To create a comprehensive list of functional budgets, we recommend the following steps:

  • highlight areas of the company’s activities;
  • create a list of functional budgets of three main types: income and expenses, cash flow, natural value;
  • check functional budgets for consistency;
  • show connections between budgets.

Functional areas

Functional areas can be said to be managers' view of the business they manage. And since views on the same subject can be different, the principles for classifying areas of activity are often diametrically opposed, even when we are talking about the same enterprise. For example, for a manufacturing enterprise that independently sells its products, options for identifying functional areas may be as follows:

  • management of production, sales, purchasing, administrative processes;
  • management of fixed assets, circulating inventories, cash, personnel, customer relations, relationships with suppliers;
  • management of core, financial, investment and other activities.

Approaches

The work of determining areas of activity is an expert one; there are no strict formalized approaches that determine which classification criterion to choose. The only requirement is convenience and clarity for the team of top managers that will work with the selected classification of functional areas.
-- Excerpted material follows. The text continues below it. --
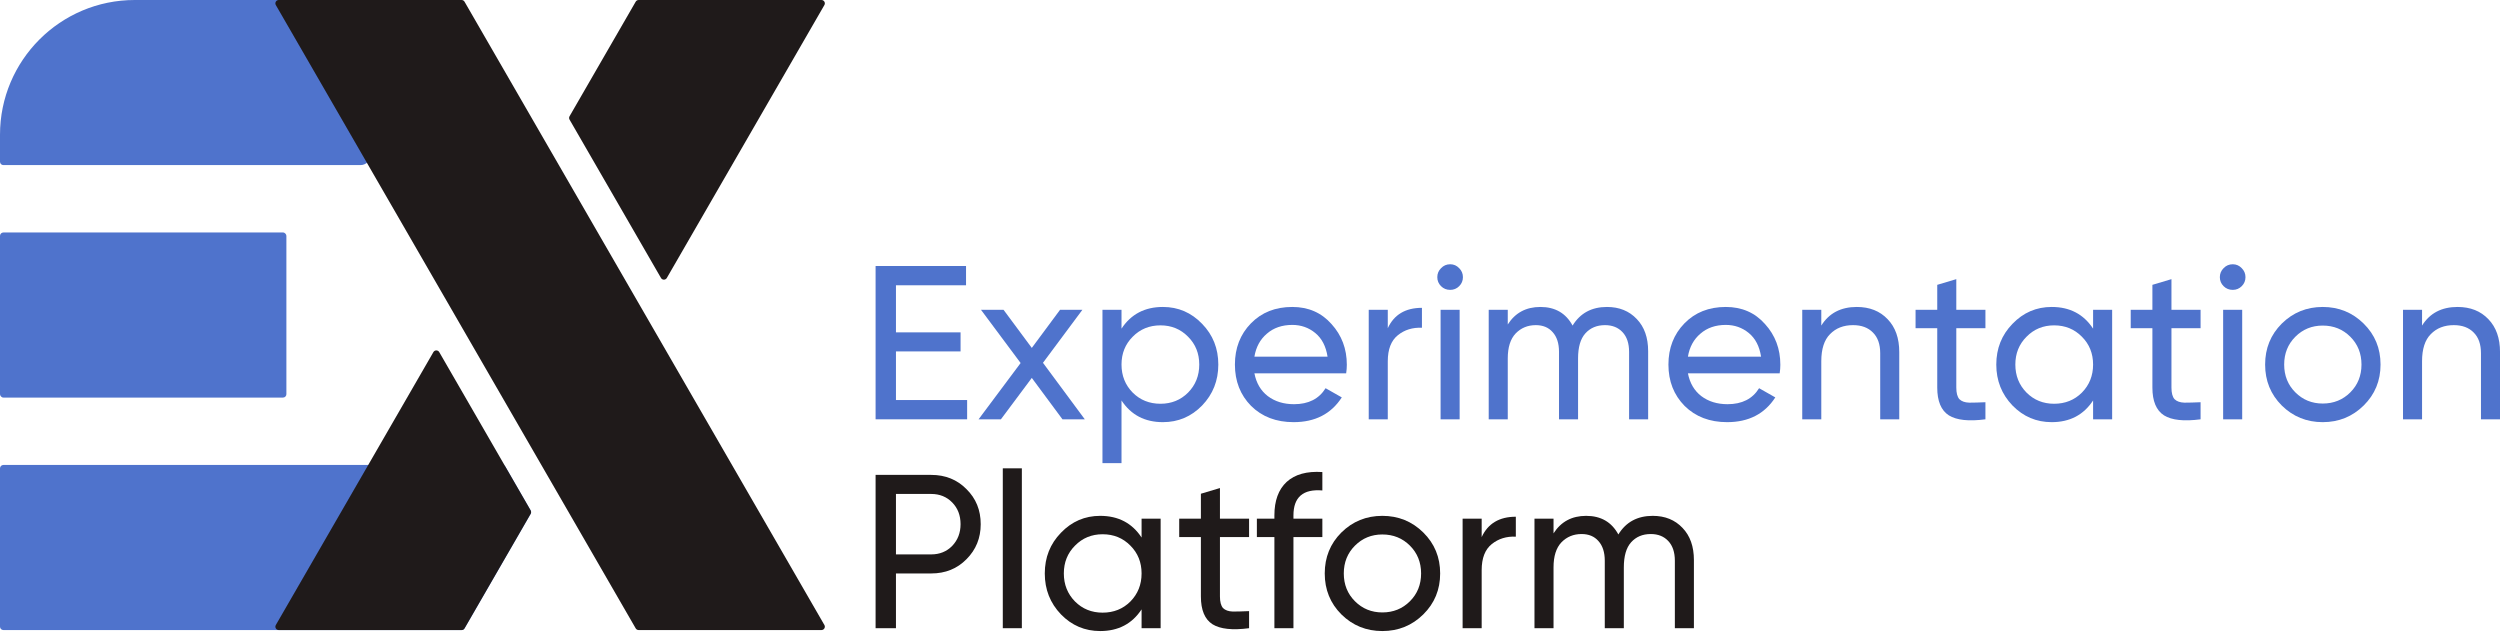 <?xml version="1.0" encoding="UTF-8"?> <svg xmlns="http://www.w3.org/2000/svg" width="742" height="188" viewBox="0 0 742 188" fill="none"><rect y="69" width="85" height="49" rx="1" fill="#4F73CC"></rect><path fill-rule="evenodd" clip-rule="evenodd" d="M1 138C0.448 138 0 138.448 0 139V186C0 186.552 0.448 187 1 187H82.641C82.671 187.003 82.701 187.004 82.732 187.004H137.003C137.36 187.004 137.69 186.813 137.869 186.504L157.5 152.502C157.679 152.192 157.679 151.811 157.5 151.502L149.994 138.5C149.815 138.191 149.485 138 149.128 138H128H109.87H1Z" fill="#4F73CC"></path><path d="M0 40C0 17.909 17.909 0 40 0H109C109.552 0 110 0.448 110 1V46C110 47.657 108.657 49 107 49H1C0.448 49 0 48.552 0 48V40Z" fill="#4F73CC"></path><path fill-rule="evenodd" clip-rule="evenodd" d="M82.732 0C81.962 0 81.481 0.833 81.866 1.5L188.676 186.5C188.854 186.809 189.185 187 189.542 187H243.813C244.583 187 245.064 186.167 244.679 185.5L137.869 0.5C137.69 0.191 137.36 0 137.003 0H82.732Z" fill="#1F1A1A"></path><path fill-rule="evenodd" clip-rule="evenodd" d="M197.912 82.502C197.527 83.169 196.565 83.169 196.18 82.502L169.045 35.502C168.866 35.193 168.866 34.812 169.045 34.502L188.676 0.5C188.854 0.191 189.185 0 189.542 0H243.813C244.583 0 245.064 0.833 244.679 1.5L197.912 82.502Z" fill="#1F1A1A"></path><path fill-rule="evenodd" clip-rule="evenodd" d="M128.633 104.501C129.018 103.835 129.98 103.835 130.365 104.501L157.5 151.502C157.679 151.811 157.679 152.192 157.5 152.502L137.869 186.504C137.69 186.813 137.36 187.004 137.003 187.004H82.732C81.962 187.004 81.481 186.171 81.866 185.504L128.633 104.501Z" fill="#1F1A1A"></path><path d="M490.533 153.105C494.173 153.105 497.119 154.297 499.373 156.68C501.626 159.02 502.753 162.205 502.753 166.235V186.45H497.098V166.43C497.098 163.917 496.448 161.967 495.148 160.58C493.848 159.193 492.114 158.5 489.948 158.5C487.521 158.5 485.571 159.323 484.098 160.97C482.668 162.573 481.953 165.043 481.953 168.38V186.45H476.298V166.43C476.298 163.917 475.669 161.967 474.413 160.58C473.199 159.193 471.531 158.5 469.408 158.5C467.024 158.5 465.031 159.323 463.428 160.97C461.868 162.617 461.088 165.087 461.088 168.38V186.45H455.433V153.95H461.088V158.305C463.298 154.838 466.526 153.105 470.773 153.105C475.149 153.105 478.334 154.947 480.328 158.63C482.581 154.947 485.983 153.105 490.533 153.105Z" fill="#1F1A1A"></path><path d="M439.76 159.41C441.623 155.38 445.003 153.365 449.9 153.365V159.28C447.126 159.15 444.743 159.887 442.749 161.49C440.756 163.093 439.76 165.672 439.76 169.225V186.45H434.104V153.95H439.76V159.41Z" fill="#1F1A1A"></path><path d="M422.433 182.355C419.096 185.648 415.045 187.295 410.278 187.295C405.511 187.295 401.46 185.648 398.123 182.355C394.83 179.062 393.183 175.01 393.183 170.2C393.183 165.39 394.83 161.338 398.123 158.045C401.46 154.752 405.511 153.105 410.278 153.105C415.045 153.105 419.096 154.752 422.433 158.045C425.77 161.338 427.438 165.39 427.438 170.2C427.438 175.01 425.77 179.062 422.433 182.355ZM410.278 181.77C413.528 181.77 416.258 180.665 418.468 178.455C420.678 176.245 421.783 173.493 421.783 170.2C421.783 166.907 420.678 164.155 418.468 161.945C416.258 159.735 413.528 158.63 410.278 158.63C407.071 158.63 404.363 159.735 402.153 161.945C399.943 164.155 398.838 166.907 398.838 170.2C398.838 173.493 399.943 176.245 402.153 178.455C404.363 180.665 407.071 181.77 410.278 181.77Z" fill="#1F1A1A"></path><path d="M392.475 145.565C386.755 145.088 383.895 147.558 383.895 152.975V153.95H392.475V159.41H383.895V186.45H378.24V159.41H373.04V153.95H378.24V152.975C378.24 148.598 379.453 145.283 381.88 143.03C384.35 140.777 387.881 139.802 392.475 140.105V145.565Z" fill="#1F1A1A"></path><path d="M370.725 159.41H362.08V177.025C362.08 178.628 362.383 179.777 362.99 180.47C363.64 181.12 364.615 181.467 365.915 181.51C367.215 181.51 368.818 181.467 370.725 181.38V186.45C365.785 187.1 362.167 186.71 359.87 185.28C357.573 183.807 356.425 181.055 356.425 177.025V159.41H349.99V153.95H356.425V146.54L362.08 144.85V153.95H370.725V159.41Z" fill="#1F1A1A"></path><path d="M338.822 153.95H344.477V186.45H338.822V180.86C336.005 185.15 331.91 187.295 326.537 187.295C321.987 187.295 318.109 185.648 314.902 182.355C311.695 179.018 310.092 174.967 310.092 170.2C310.092 165.433 311.695 161.403 314.902 158.11C318.109 154.773 321.987 153.105 326.537 153.105C331.91 153.105 336.005 155.25 338.822 159.54V153.95ZM327.252 181.835C330.545 181.835 333.297 180.73 335.507 178.52C337.717 176.267 338.822 173.493 338.822 170.2C338.822 166.907 337.717 164.155 335.507 161.945C333.297 159.692 330.545 158.565 327.252 158.565C324.002 158.565 321.272 159.692 319.062 161.945C316.852 164.155 315.747 166.907 315.747 170.2C315.747 173.493 316.852 176.267 319.062 178.52C321.272 180.73 324.002 181.835 327.252 181.835Z" fill="#1F1A1A"></path><path d="M297.63 186.45V139H303.285V186.45H297.63Z" fill="#1F1A1A"></path><path d="M276.385 140.95C280.588 140.95 284.077 142.358 286.85 145.175C289.667 147.948 291.075 151.415 291.075 155.575C291.075 159.692 289.667 163.158 286.85 165.975C284.077 168.792 280.588 170.2 276.385 170.2H265.92V186.45H259.875V140.95H276.385ZM276.385 164.545C278.898 164.545 280.978 163.7 282.625 162.01C284.272 160.277 285.095 158.132 285.095 155.575C285.095 152.975 284.272 150.83 282.625 149.14C280.978 147.45 278.898 146.605 276.385 146.605H265.92V164.545H276.385Z" fill="#1F1A1A"></path><path d="M729.396 91.105C733.209 91.105 736.264 92.318 738.561 94.745C740.858 97.128 742.006 100.378 742.006 104.495V124.45H736.351V104.82C736.351 102.177 735.636 100.14 734.206 98.71C732.776 97.237 730.804 96.5 728.291 96.5C725.474 96.5 723.199 97.388 721.466 99.165C719.733 100.898 718.866 103.585 718.866 107.225V124.45H713.211V91.95H718.866V96.63C721.163 92.947 724.673 91.105 729.396 91.105Z" fill="#4F73CC"></path><path d="M701.539 120.355C698.203 123.648 694.151 125.295 689.384 125.295C684.618 125.295 680.566 123.648 677.229 120.355C673.936 117.062 672.289 113.01 672.289 108.2C672.289 103.39 673.936 99.338 677.229 96.045C680.566 92.752 684.618 91.105 689.384 91.105C694.151 91.105 698.203 92.752 701.539 96.045C704.876 99.338 706.544 103.39 706.544 108.2C706.544 113.01 704.876 117.062 701.539 120.355ZM689.384 119.77C692.634 119.77 695.364 118.665 697.574 116.455C699.784 114.245 700.889 111.493 700.889 108.2C700.889 104.907 699.784 102.155 697.574 99.945C695.364 97.735 692.634 96.63 689.384 96.63C686.178 96.63 683.469 97.735 681.259 99.945C679.049 102.155 677.944 104.907 677.944 108.2C677.944 111.493 679.049 114.245 681.259 116.455C683.469 118.665 686.178 119.77 689.384 119.77Z" fill="#4F73CC"></path><path d="M662.687 86.035C661.604 86.035 660.694 85.667 659.957 84.93C659.22 84.193 658.852 83.305 658.852 82.265C658.852 81.225 659.22 80.337 659.957 79.6C660.694 78.82 661.604 78.43 662.687 78.43C663.727 78.43 664.615 78.82 665.352 79.6C666.089 80.337 666.457 81.225 666.457 82.265C666.457 83.305 666.089 84.193 665.352 84.93C664.615 85.667 663.727 86.035 662.687 86.035ZM659.827 124.45V91.95H665.482V124.45H659.827Z" fill="#4F73CC"></path><path d="M653.132 97.41H644.487V115.025C644.487 116.628 644.79 117.777 645.397 118.47C646.047 119.12 647.022 119.467 648.322 119.51C649.622 119.51 651.225 119.467 653.132 119.38V124.45C648.192 125.1 644.574 124.71 642.277 123.28C639.98 121.807 638.832 119.055 638.832 115.025V97.41H632.397V91.95H638.832V84.54L644.487 82.85V91.95H653.132V97.41Z" fill="#4F73CC"></path><path d="M621.229 91.95H626.884V124.45H621.229V118.86C618.413 123.15 614.318 125.295 608.944 125.295C604.394 125.295 600.516 123.648 597.309 120.355C594.103 117.018 592.499 112.967 592.499 108.2C592.499 103.433 594.103 99.403 597.309 96.11C600.516 92.773 604.394 91.105 608.944 91.105C614.318 91.105 618.413 93.25 621.229 97.54V91.95ZM609.659 119.835C612.953 119.835 615.704 118.73 617.914 116.52C620.124 114.267 621.229 111.493 621.229 108.2C621.229 104.907 620.124 102.155 617.914 99.945C615.704 97.692 612.953 96.565 609.659 96.565C606.409 96.565 603.679 97.692 601.469 99.945C599.259 102.155 598.154 104.907 598.154 108.2C598.154 111.493 599.259 114.267 601.469 116.52C603.679 118.73 606.409 119.835 609.659 119.835Z" fill="#4F73CC"></path><path d="M589.275 97.41H580.63V115.025C580.63 116.628 580.933 117.777 581.54 118.47C582.19 119.12 583.165 119.467 584.465 119.51C585.765 119.51 587.368 119.467 589.275 119.38V124.45C584.335 125.1 580.716 124.71 578.42 123.28C576.123 121.807 574.975 119.055 574.975 115.025V97.41H568.54V91.95H574.975V84.54L580.63 82.85V91.95H589.275V97.41Z" fill="#4F73CC"></path><path d="M551.09 91.105C554.904 91.105 557.959 92.318 560.255 94.745C562.552 97.128 563.7 100.378 563.7 104.495V124.45H558.045V104.82C558.045 102.177 557.33 100.14 555.9 98.71C554.47 97.237 552.499 96.5 549.985 96.5C547.169 96.5 544.894 97.388 543.16 99.165C541.427 100.898 540.56 103.585 540.56 107.225V124.45H534.905V91.95H540.56V96.63C542.857 92.947 546.367 91.105 551.09 91.105Z" fill="#4F73CC"></path><path d="M500.975 110.8C501.538 113.703 502.86 115.957 504.94 117.56C507.063 119.163 509.663 119.965 512.74 119.965C517.03 119.965 520.15 118.383 522.1 115.22L526.91 117.95C523.746 122.847 518.98 125.295 512.61 125.295C507.453 125.295 503.25 123.692 500 120.485C496.793 117.235 495.19 113.14 495.19 108.2C495.19 103.303 496.771 99.23 499.935 95.98C503.098 92.73 507.193 91.105 512.22 91.105C516.986 91.105 520.865 92.795 523.855 96.175C526.888 99.512 528.405 103.542 528.405 108.265C528.405 109.088 528.34 109.933 528.21 110.8H500.975ZM512.22 96.435C509.186 96.435 506.673 97.302 504.68 99.035C502.686 100.725 501.451 103 500.975 105.86H522.685C522.208 102.783 520.995 100.443 519.045 98.84C517.095 97.237 514.82 96.435 512.22 96.435Z" fill="#4F73CC"></path><path d="M476.949 91.105C480.589 91.105 483.535 92.297 485.789 94.68C488.042 97.02 489.169 100.205 489.169 104.235V124.45H483.514V104.43C483.514 101.917 482.864 99.967 481.564 98.58C480.264 97.193 478.53 96.5 476.364 96.5C473.937 96.5 471.987 97.323 470.514 98.97C469.084 100.573 468.369 103.043 468.369 106.38V124.45H462.714V104.43C462.714 101.917 462.085 99.967 460.829 98.58C459.615 97.193 457.947 96.5 455.824 96.5C453.44 96.5 451.447 97.323 449.844 98.97C448.284 100.617 447.504 103.087 447.504 106.38V124.45H441.849V91.95H447.504V96.305C449.714 92.838 452.942 91.105 457.189 91.105C461.565 91.105 464.75 92.947 466.744 96.63C468.997 92.947 472.399 91.105 476.949 91.105Z" fill="#4F73CC"></path><path d="M430.426 86.035C429.343 86.035 428.433 85.667 427.696 84.93C426.96 84.193 426.591 83.305 426.591 82.265C426.591 81.225 426.96 80.337 427.696 79.6C428.433 78.82 429.343 78.43 430.426 78.43C431.466 78.43 432.355 78.82 433.091 79.6C433.828 80.337 434.196 81.225 434.196 82.265C434.196 83.305 433.828 84.193 433.091 84.93C432.355 85.667 431.466 86.035 430.426 86.035ZM427.566 124.45V91.95H433.221V124.45H427.566Z" fill="#4F73CC"></path><path d="M411.893 97.41C413.757 93.38 417.137 91.365 422.033 91.365V97.28C419.26 97.15 416.877 97.887 414.883 99.49C412.89 101.093 411.893 103.672 411.893 107.225V124.45H406.238V91.95H411.893V97.41Z" fill="#4F73CC"></path><path d="M372.308 110.8C372.871 113.703 374.193 115.957 376.273 117.56C378.396 119.163 380.996 119.965 384.073 119.965C388.363 119.965 391.483 118.383 393.433 115.22L398.243 117.95C395.079 122.847 390.313 125.295 383.943 125.295C378.786 125.295 374.583 123.692 371.333 120.485C368.126 117.235 366.523 113.14 366.523 108.2C366.523 103.303 368.104 99.23 371.268 95.98C374.431 92.73 378.526 91.105 383.553 91.105C388.319 91.105 392.198 92.795 395.188 96.175C398.221 99.512 399.738 103.542 399.738 108.265C399.738 109.088 399.673 109.933 399.543 110.8H372.308ZM383.553 96.435C380.519 96.435 378.006 97.302 376.013 99.035C374.019 100.725 372.784 103 372.308 105.86H394.018C393.541 102.783 392.328 100.443 390.378 98.84C388.428 97.237 386.153 96.435 383.553 96.435Z" fill="#4F73CC"></path><path d="M345.15 91.105C349.7 91.105 353.578 92.773 356.785 96.11C359.992 99.403 361.595 103.433 361.595 108.2C361.595 112.967 359.992 117.018 356.785 120.355C353.578 123.648 349.7 125.295 345.15 125.295C339.777 125.295 335.682 123.15 332.865 118.86V137.45H327.21V91.95H332.865V97.54C335.682 93.25 339.777 91.105 345.15 91.105ZM344.435 119.835C347.685 119.835 350.415 118.73 352.625 116.52C354.835 114.267 355.94 111.493 355.94 108.2C355.94 104.907 354.835 102.155 352.625 99.945C350.415 97.692 347.685 96.565 344.435 96.565C341.142 96.565 338.39 97.692 336.18 99.945C333.97 102.155 332.865 104.907 332.865 108.2C332.865 111.493 333.97 114.267 336.18 116.52C338.39 118.73 341.142 119.835 344.435 119.835Z" fill="#4F73CC"></path><path d="M321.968 124.45H315.338L306.238 112.165L297.073 124.45H290.443L302.923 107.745L291.158 91.95H297.853L306.238 103.26L314.623 91.95H321.253L309.553 107.68L321.968 124.45Z" fill="#4F73CC"></path><path d="M265.92 118.73H287.045V124.45H259.875V78.95H286.72V84.67H265.92V98.645H285.095V104.3H265.92V118.73Z" fill="#4F73CC"></path></svg>

What you should pay attention to when highlighting areas of activity:

  • the composition of areas of activity must correspond exactly to the business that the company conducts. This sounds self-evident, but in practice there are often situations where this is not the case. For example, there was a precedent when an exclusively trading organization singled out such a functional area as “Production”, although in fact it did not conduct any production;
  • It’s worth trying to interpret the processes that the company has quite broadly. For example, if we are talking about a consulting firm, then, despite the absence of material production processes, it has activities that involve spending the working time of its specialists. And this is nothing more than production - a kind of write-off of “raw materials” in the process of manufacturing the final product, even if these final products are consulting services. In other words, a functional area such as “Production” in a consulting company can be highlighted;
  • the compiled list of functional areas should cover all of the company's activities. For example, if only areas such as “Sales” and “Production” are defined, then most likely something is forgotten. At the very least, “Procurement” is missing;
  • the selected functional areas should not overlap. For example, if “Production” and “Human Resources Management” appear on the list at the same time, then most likely there will be intersections. After all, there are production workers who clearly belong to both “Production” and “Human Resources Management”.